There have been notable technological advancements in the metal stamping niche. Currently, more advancements are happening rapidly than in the past, bringing more complex processes. They include the following.
1. Hot Forming
It’s one of the best examples of technological advancements in the metal stamping niche. Now you can create some automotive parts using boron steel sheet metal at very high temperatures (about 900 degrees Celsius). It is done in a die that forms and quenches the stamping thus heat-treating the already formed part.
Compared to deep-drawing, hot forming is modern and completely different. There is no use of a blank holder. Instead, it is replaced with special clamping units often installed to hold the material in position and prevent wrinkles from forming.
To facilitate the quenching process, cooling lines are often placed close to the die surface. It involves the use of special die steels featuring high rates of heat transfer and a lot of strength. To facilitate part removal, strong ejector systems have been designed and built effectively.
These are some of the critical features that should be noted when designing and building hot forming dies. The process of hot forming is a great accomplishment, especially since most die engineers or makers were never trained in this type of technology.
2. Advanced High Strength Steel (AHSS)
Notable advancements in steel technology have brought about high tensile strength materials such as AHSS. Besides hot-forming boron-based materials, these others are cold-formed using press lines and stamping dies at room temperature. They surpass the tensile strength of traditional high-strength low alloy steel by at least 2 or 3 times. They have brought about new demands in the tooling and older press lines.
Currently, there is a 3rd generation of AHSS materials still under development. Their tensile strength is similar to the hot-formed stampings. Also, their ductility is enough to allow cold-forming at room temperature. They are bound to push the existing press lines past their capacity.
3. Aluminium Alloys
Besides steel, there are other metals changing the metal stamping process considerably. In the last decade alone, aluminium alloys have been incorporated for use as sheet metal in the transportation industry.
If you are working with any unfamiliar alloys, you might have some troubles working with aluminium stampings. Note that new alloys are currently under development for hot-forming applications with ultra-high strength.
The existing alloys are being warm-formed while others are super-plastically deformed. Some of the common alloys have been refined to allow better cold-forming benefits. You need to know the notable differences and demerits between the available aluminum alloys and their tempers.
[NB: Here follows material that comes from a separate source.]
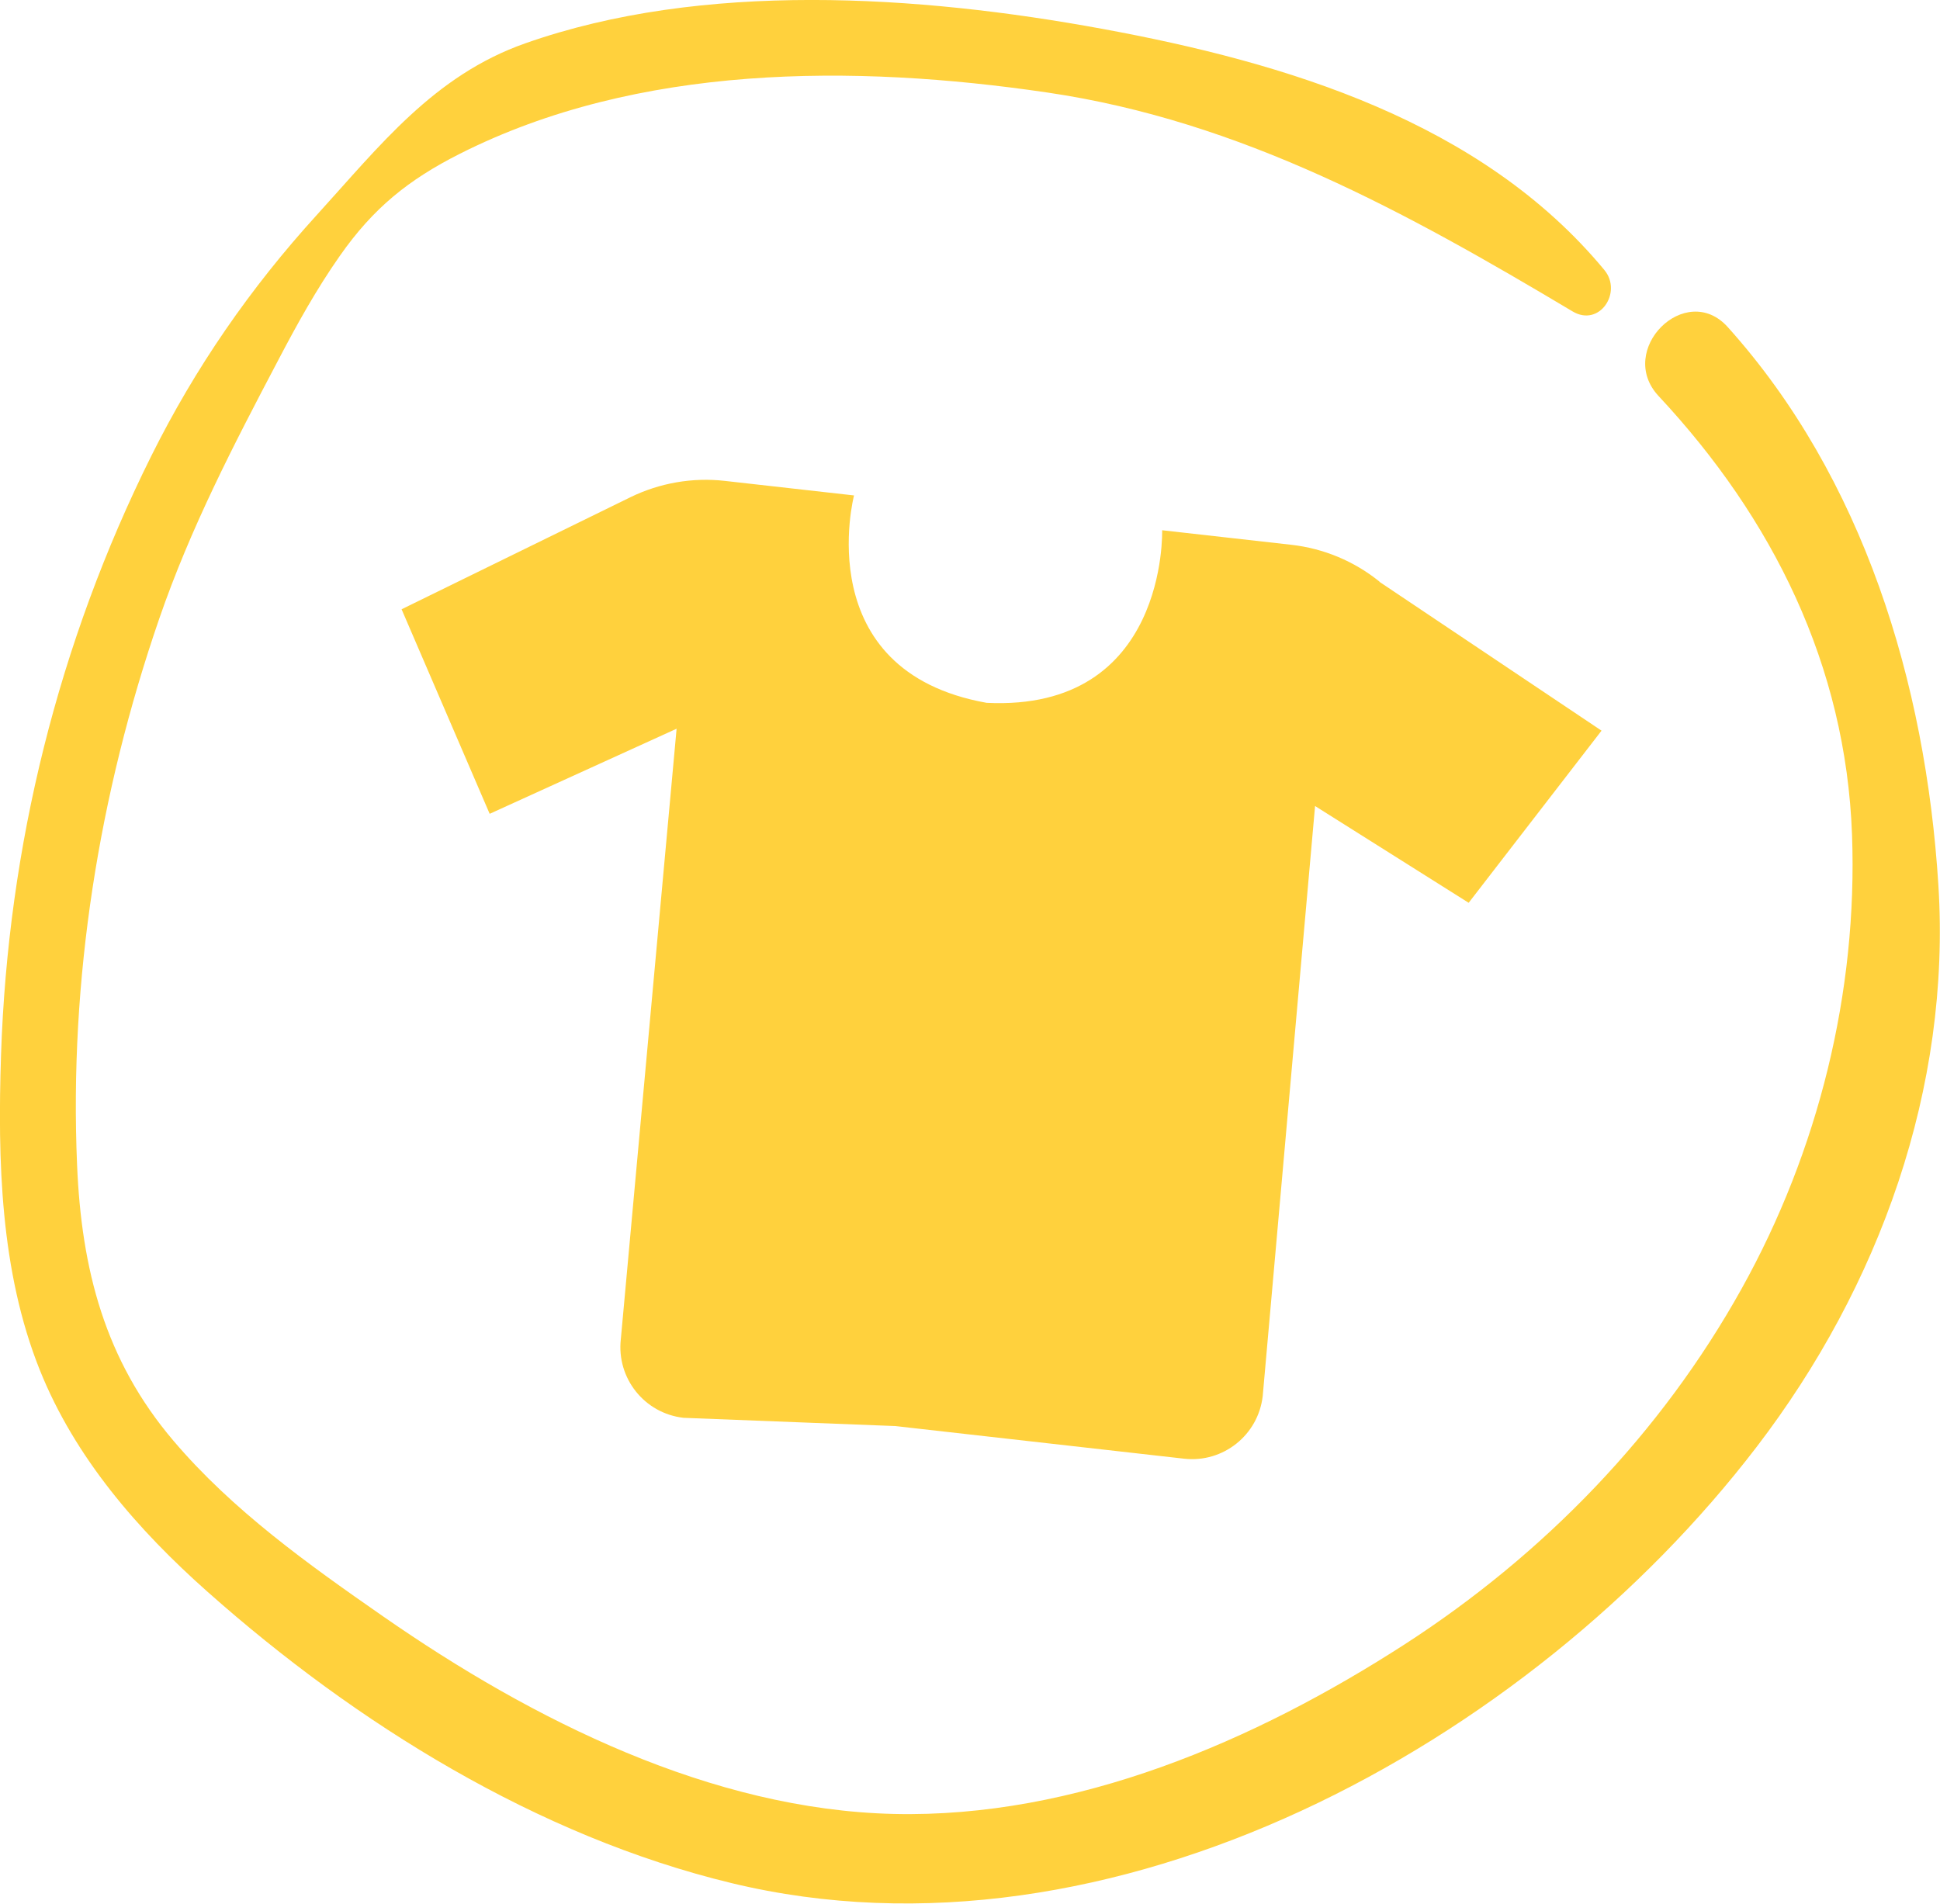 <svg xmlns="http://www.w3.org/2000/svg" id="Capa_2" data-name="Capa 2" viewBox="0 0 169.37 166.22"><defs><style>      .cls-1 {        fill: #ffd13d;      }    </style></defs><g id="Capa_1-2" data-name="Capa 1"><g><path class="cls-1" d="m120.44,50.79c-2.21-1.79-4.88-2.9-7.7-3.22l-11.28-1.27s.49,15.84-15.32,15.07c-15.59-2.78-11.58-18.11-11.58-18.11l-11.28-1.27c-2.82-.32-5.68.18-8.23,1.42l-19.99,9.79,7.69,17.86,16.32-7.43-4.87,53.31c-.38,3.4,2.06,6.47,5.47,6.86l18.48.72,1.69.19,23.54,2.66c3.4.38,6.47-2.06,6.86-5.47l4.57-51.52,13.41,8.45,11.6-15.03-19.38-12.99Z"></path><path class="cls-1" d="m140.08,23.59c-10.75-12.99-27.81-18.12-43.84-21.07S61.34-1.68,45.84,3.79c-7.97,2.81-12.69,8.95-18.19,14.99-5.79,6.36-10.61,13.33-14.44,21.03C5.09,56.12.69,73.92.09,92.13c-.3,9.19-.07,18.87,3.39,27.51,3.07,7.65,8.56,13.96,14.66,19.37,12.94,11.49,28.78,21.33,45.73,25.42,33.14,8,69.63-12.12,89.5-38.1,10.7-13.98,16.97-31.3,15.86-49.03s-6.58-35.6-18.39-48.74c-3.67-4.08-9.79,2.01-6.03,6.03,9.95,10.66,16.34,23.5,16.88,38.3.5,13.76-2.95,27.62-9.63,39.62-7.04,12.66-17.27,23.21-29.41,31.06-13.13,8.48-28.74,15.19-44.62,14.82s-31.49-8.14-44.61-17.27c-6.5-4.52-13.12-9.24-18.28-15.32-5.99-7.04-8.03-14.98-8.41-24.07-.69-16.19,1.9-32.4,7.17-47.7,2.73-7.93,6.5-15.19,10.39-22.58,1.64-3.13,3.35-6.22,5.38-9.11,2.92-4.17,5.98-6.64,10.47-8.91,15.54-7.85,34.39-7.84,51.31-5.35s31.33,10.45,45.84,19.11c2.36,1.41,4.38-1.68,2.78-3.61h0Z"></path></g></g></svg>

That way, you can provide the die designer and process engineer with the best opportunities for success.
4. Lubrication
There are also notable advances in lubricants, their application methods and thickness measurement. With the presence of 3rd generation AHSS materials and the complete extinction of chlorinated paraffin in the near future, these advancements are exceptional.
Currently, the stamping dies go through a lot of temperatures, stresses, vibrations, shock and chemical attacks. There are bound to be some process failures. Engineered surface coatings, heat-treating methods and tooling chemistry are being improved to meet these demands coming from the stamping dies.
5. Carbide Materials
If there are long production runs, carbide materials are the best choices for metal stamping. They feature very high compressive strength, retain their hardness values at the highest temperatures and resist deflection.
These features play a huge role in high-speed cutting, forming and punching applications. Tungsten carbide punches are useful for processes such as creating small-diameter holes in tough and hard materials.
6. Double-Sided Incremental Sheet Metal Forming
It’s also a new and emerging metal forming process. It’s a new manufacturing process that relies on 2 generic tools for the manipulation of sheet metal. That way, it’s easy to create free-form parts without utilizing dies.
This new metal forming process will reduce the cycle time of creating a product from months or weeks to a few days or hours. It’s faster and more accurate. The digital world has also kept the same pace by providing the best and most precise sheet metal formability analysis.
There are also improvements in responses to the variations in the metal stamping process and spring-back prediction. Other notable changes include simulating programmable servo-press slides together with servo-driven transfer system to improve the strokes per minute.
Don’t forget about optical scanning technology involving blue light or white light scanners to digitize parts and dies produced to assess and modify the tooling appropriately. Finally, there is morphing of solutions to allow repeatable and rapid development of compensated die surfaces among many more.